И действительно, парень поднялся и начал играть. В перерыве выяснилось, что он был прилично выпивши. И старшина правильно сказал, что если бы он не был так сильно пьян, то не бросился бы сломя голову в ноги нападающему, уже бившему в тот момент по мячу.

Когда мы уходили в отпуск после полётов, а это был самый большой отпуск — двадцать пять дней, нужно было сдавать своё лётное имущество. И вот здесь старшина проявил себя с самой человеческой стороны. Нам было приятно привезти домой какой-нибудь лётный сувенир… Наши груди украшал парашютный знак с количеством прыжков. Голубые погоны с жёлтой окантовкой тоже говорили о том, что мы — лётный состав. Кому-то хотелось взять свои перчатки, кто-то хотел повезти с собой шлемофон. Но лётное имущество нужно было сдать. Того, кто его не сдавал, домой не отпускали, пока он не возместит убыток за потерю своих доспехов. А старшина стоял на страже всех этих дел. И, конечно, когда курсанты стали сдавать имущество, у многих не хватало тех же перчаток и прочих элементов лётного костюма. Когда первый поток курсантов уехал, нас осталось несколько десятков человек с недостачей. Мы подошли к старшине и спросили его, сколько ему нужно денег, чтобы мы поехали в отпуск (отпускных нам давали, по-моему, 25 рублей) с перчатками. И вот здесь мы увидели нашего старшину с совершенно другой стороны.

— Что ты мне должен — перчатки? — спросил он меня и повёл в каптёрку, где показал разрезанные пополам перчатки. — Вот твои перчатки, — продолжил он, подавая мне одну половину.

— А для чего эти половинки, кто же их будет носить? — удивился я.

— А их вообще никто не будет носить. Видишь, вот ножницы, мне нужно всё разрезать, чтоб никто этим не воспользовался.

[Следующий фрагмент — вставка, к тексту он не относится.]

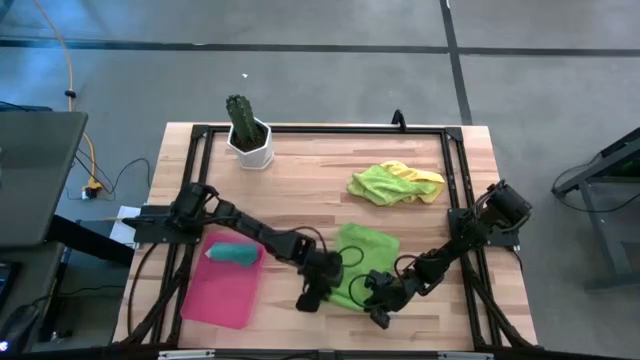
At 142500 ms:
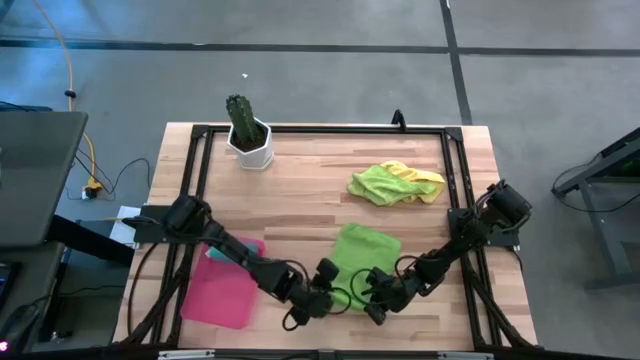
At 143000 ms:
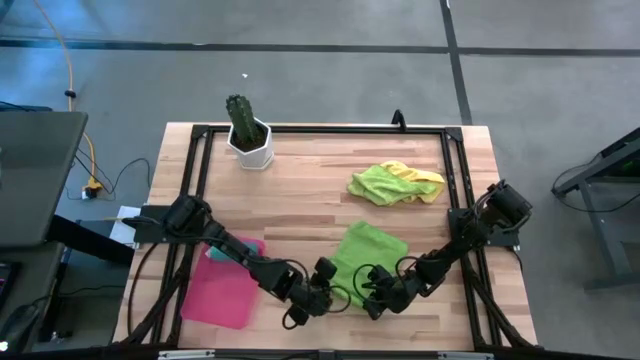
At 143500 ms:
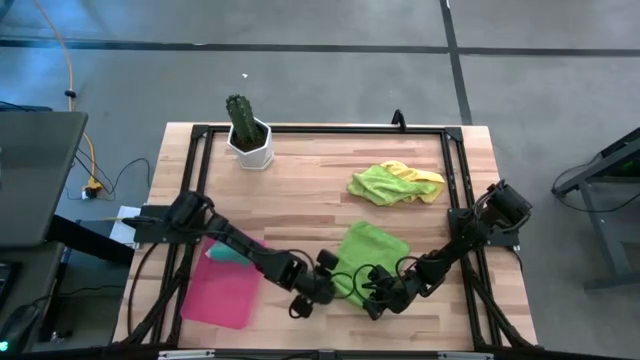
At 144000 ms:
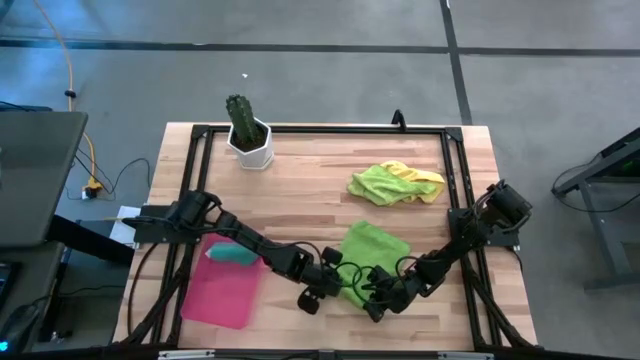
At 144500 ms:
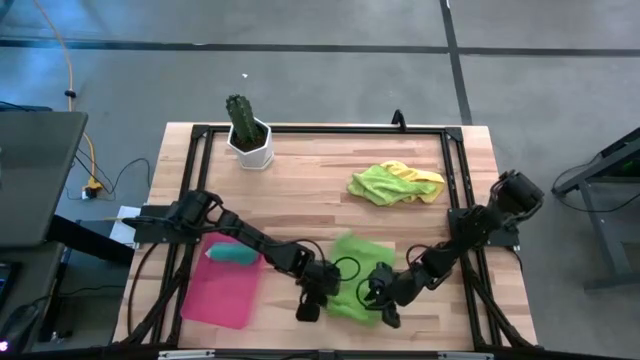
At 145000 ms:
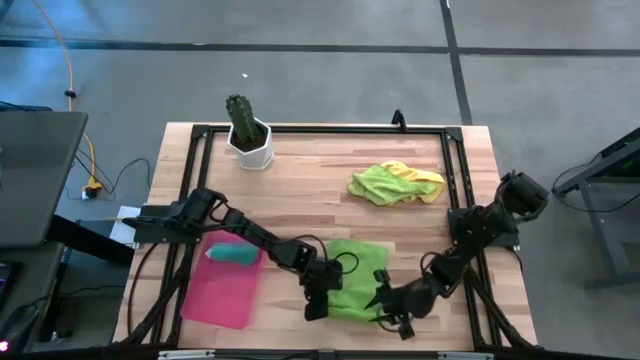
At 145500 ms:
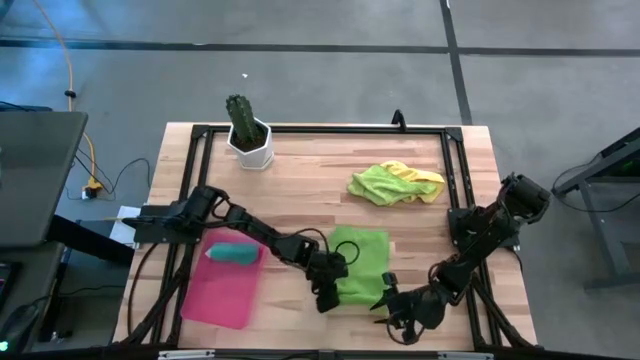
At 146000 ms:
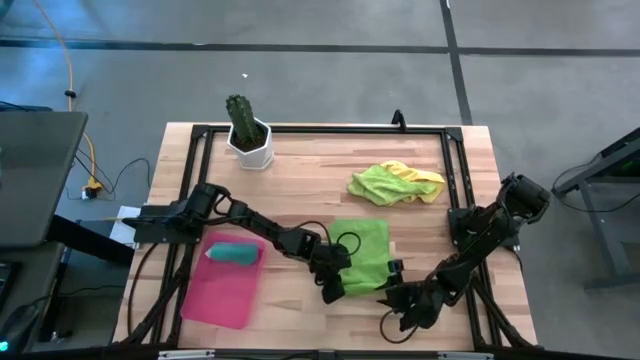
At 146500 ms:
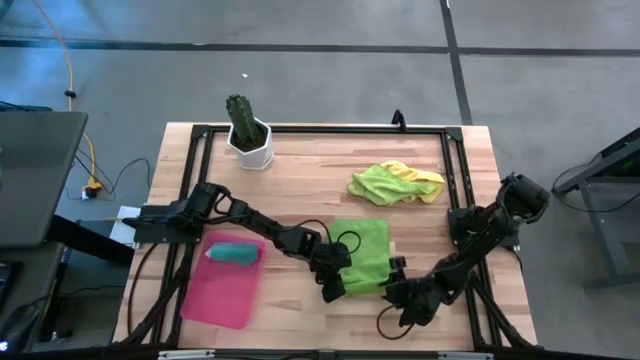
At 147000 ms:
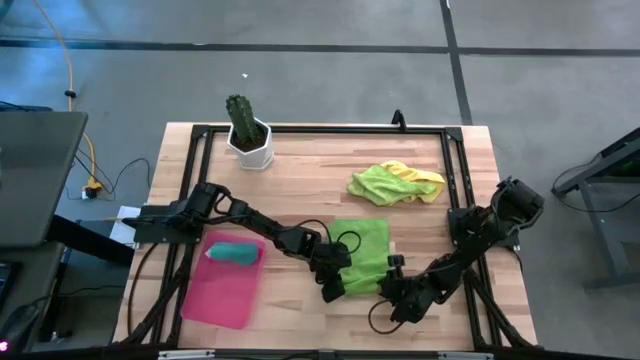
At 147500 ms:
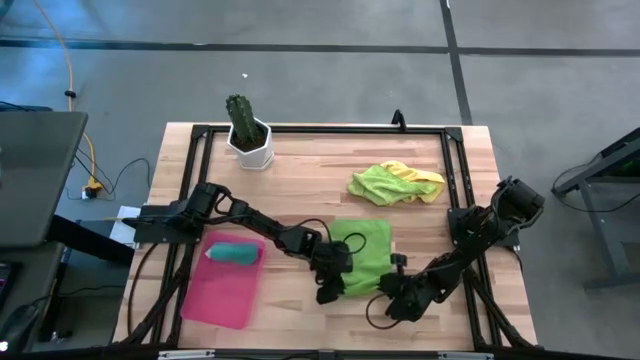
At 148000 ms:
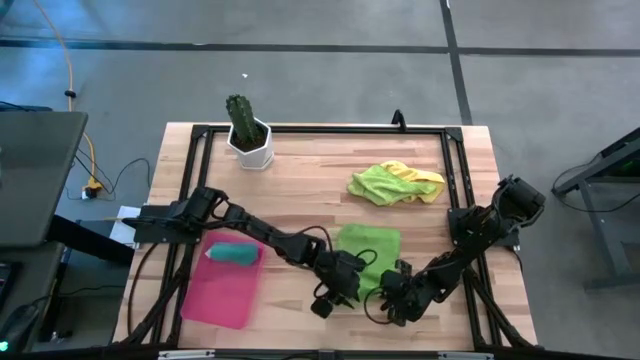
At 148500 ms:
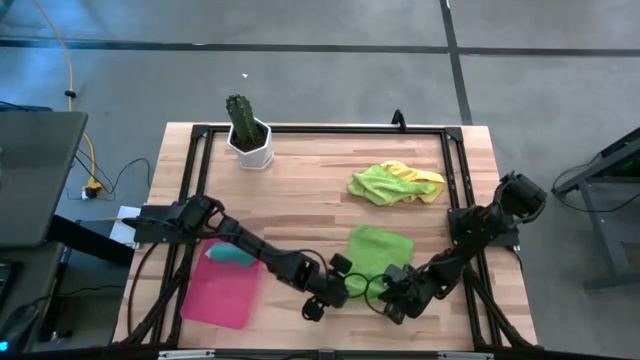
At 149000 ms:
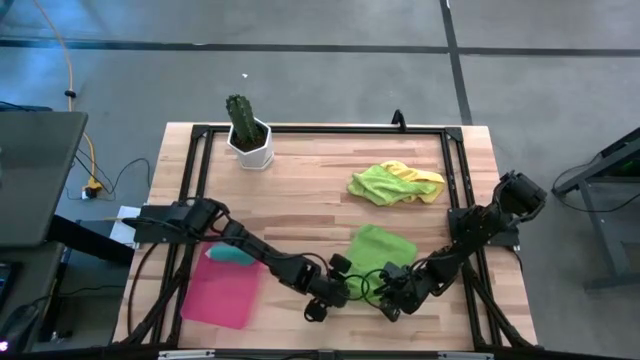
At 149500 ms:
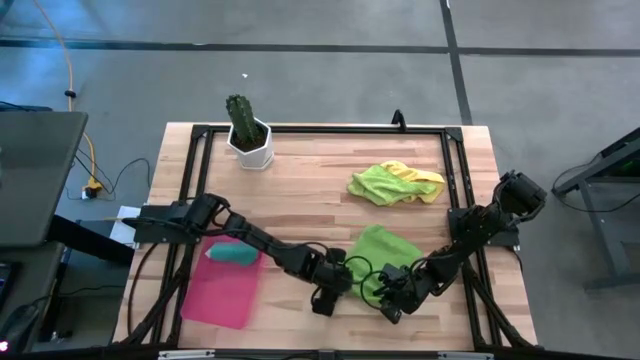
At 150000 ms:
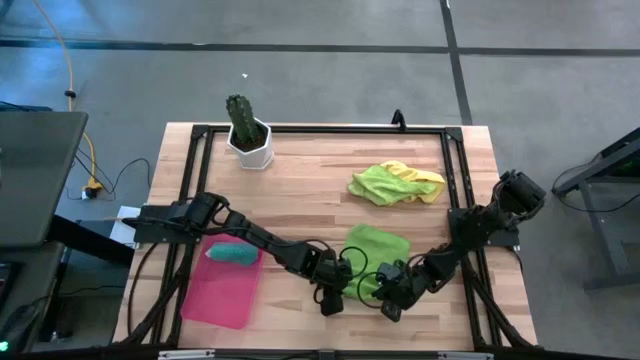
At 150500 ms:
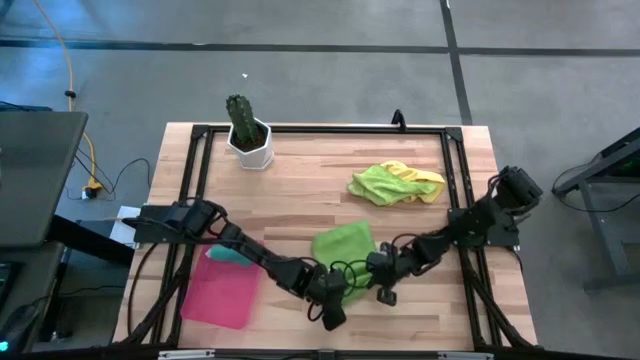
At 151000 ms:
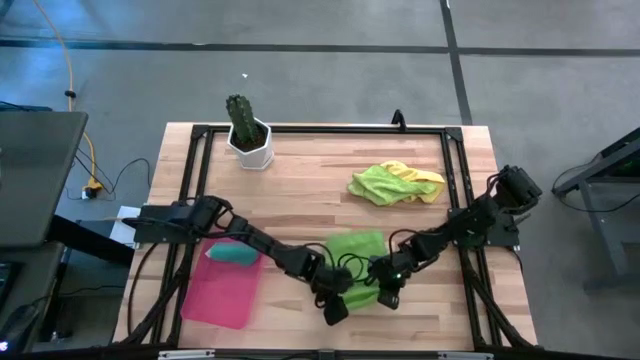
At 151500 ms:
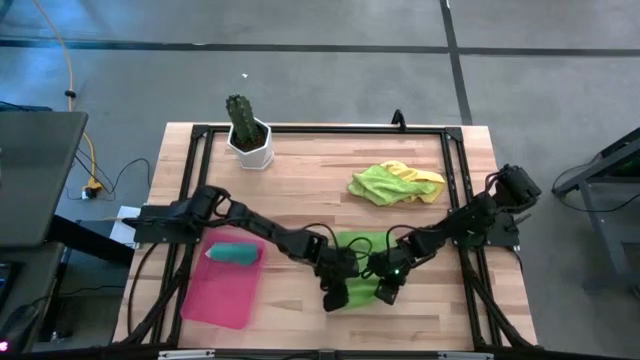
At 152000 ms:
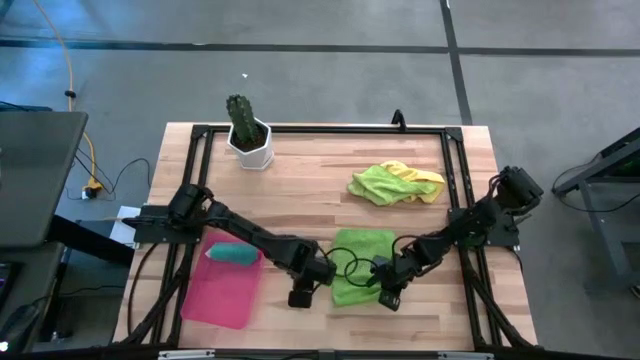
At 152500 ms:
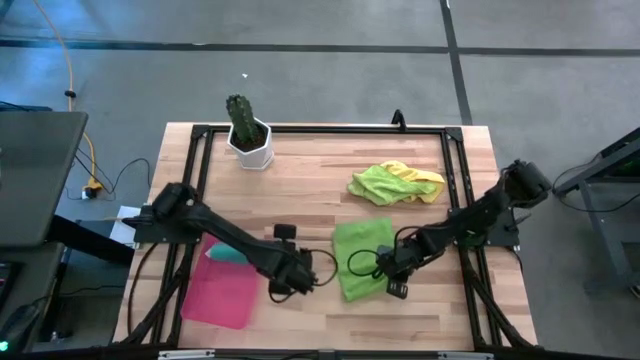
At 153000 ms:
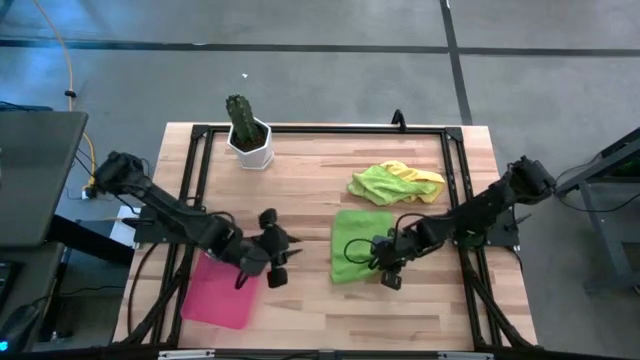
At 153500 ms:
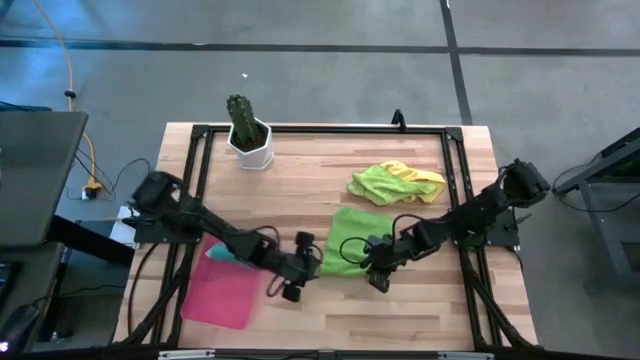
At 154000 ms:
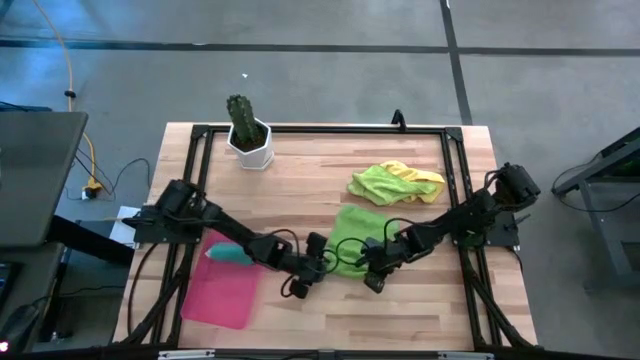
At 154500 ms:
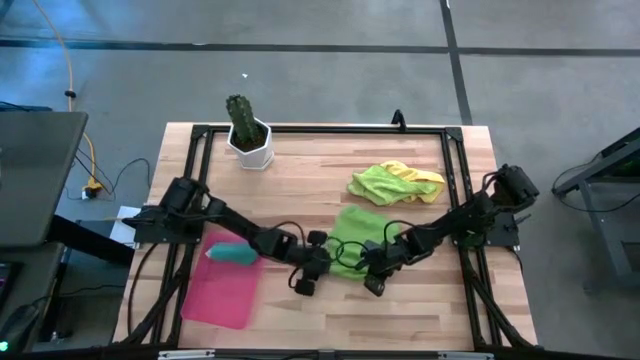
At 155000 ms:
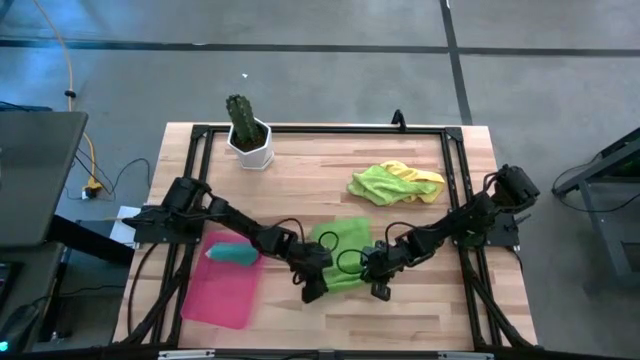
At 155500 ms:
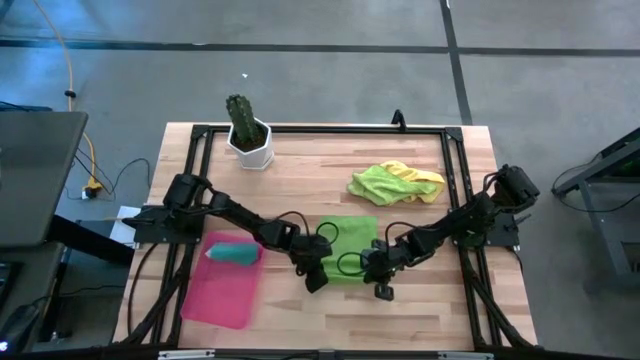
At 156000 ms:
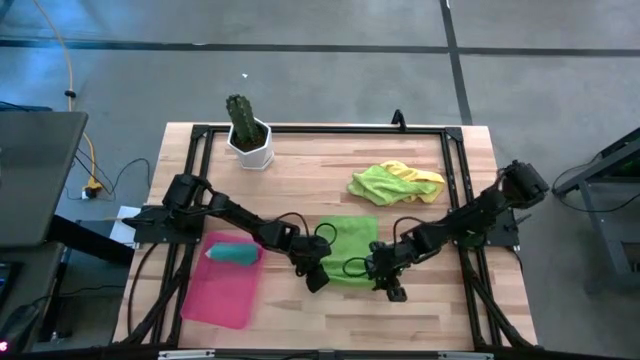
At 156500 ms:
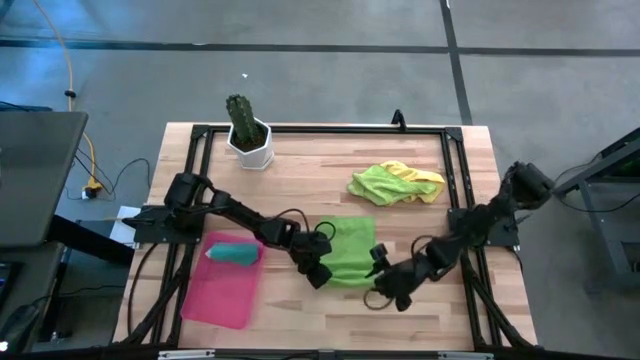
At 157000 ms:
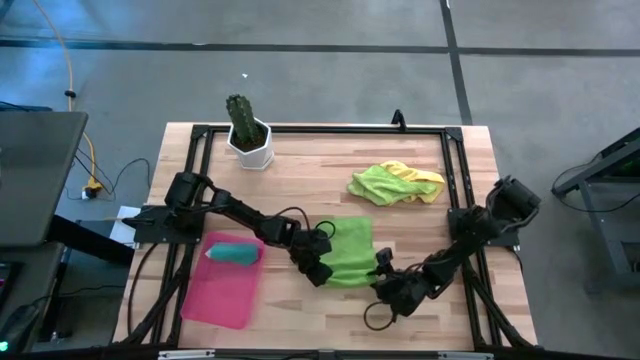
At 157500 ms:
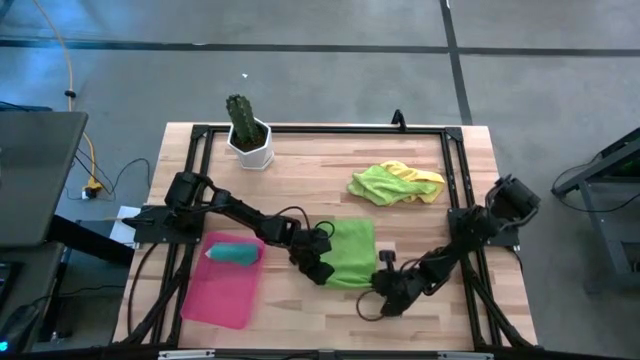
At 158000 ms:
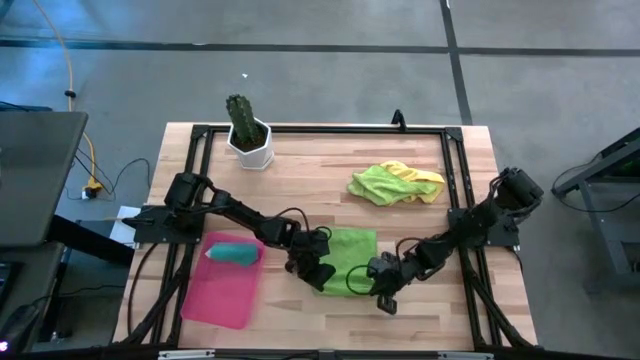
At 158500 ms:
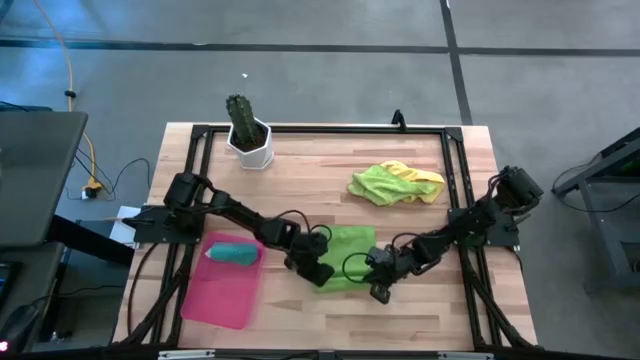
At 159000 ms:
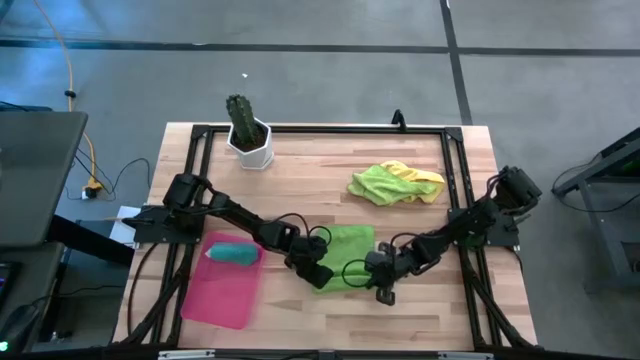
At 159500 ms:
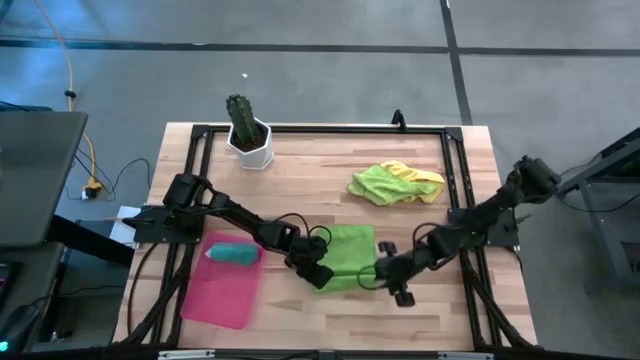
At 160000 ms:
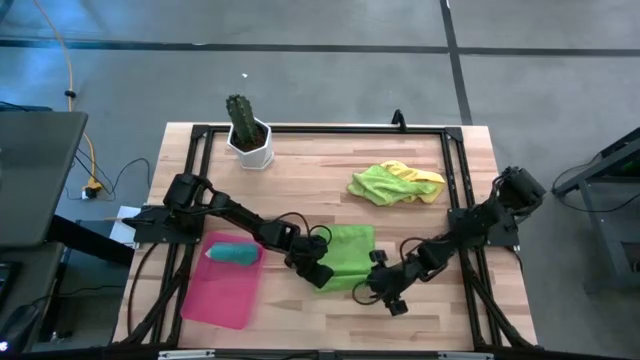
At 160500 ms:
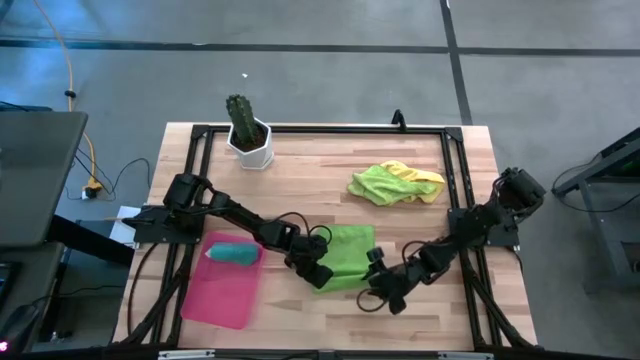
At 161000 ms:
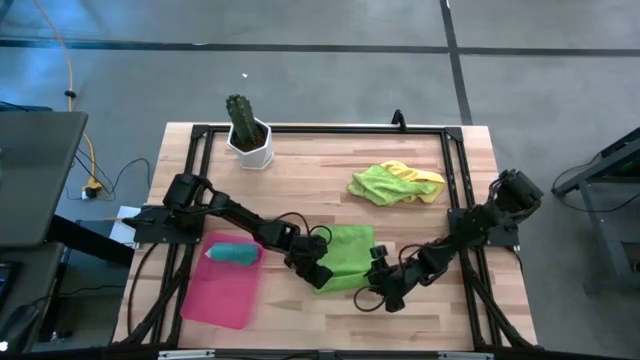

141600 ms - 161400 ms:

Я подумал: какой же идиотизм! Старшина режет перчатки, чтобы вышестоящий начальник убедился: списанное имущество уничтожено, а не украдено! Мне стало даже немного не по себе от этой глупости. Ну почему бы те же самые перчатки не продать хотя бы за «три копейки» прежним их владельцам? Почему не использовать лётные ботинки и носки? Старшине тоже, видимо, были не особенно приятны эти процедуры. Он требовал от нас обязательной сдачи имущества, а это, в принципе, было никому не нужно. Достаточно разрезать несколько десятков перчаток на мелкие куски, и никто не разберёт, сколько их было — сотня или две? Эта глупость удручала и его. Как правило, старшины — хозяйственные мужики, очень бережливые. В этом суть их работы. И ему тоже было обидно, что он вынужден многих ребят заставлять мучиться со сдачей имущества, хотя она никакого смысла не имела. Так старшина открылся с новой, совершенно не известной нам стороны.

Потом мы его долго вспоминали. Если разобраться, то он хоть и был иногда надоедлив и гонял нас, но, в принципе, особой злобы или унижения с его стороны мы никогда не испытывали. Он просто старался, чтобы мы соответствовали положенным уставным меркам. Мы, в свою очередь, тоже относились к нему по-доброму. Особенно те, кто играл в футбол. И он, кстати, к тем, кто играл в футбол, относился теплее. Если наряд — то менее тяжёлый. Если дежурство — то тоже с поблажкой. В общем, он зла не помнил. Мы тоже.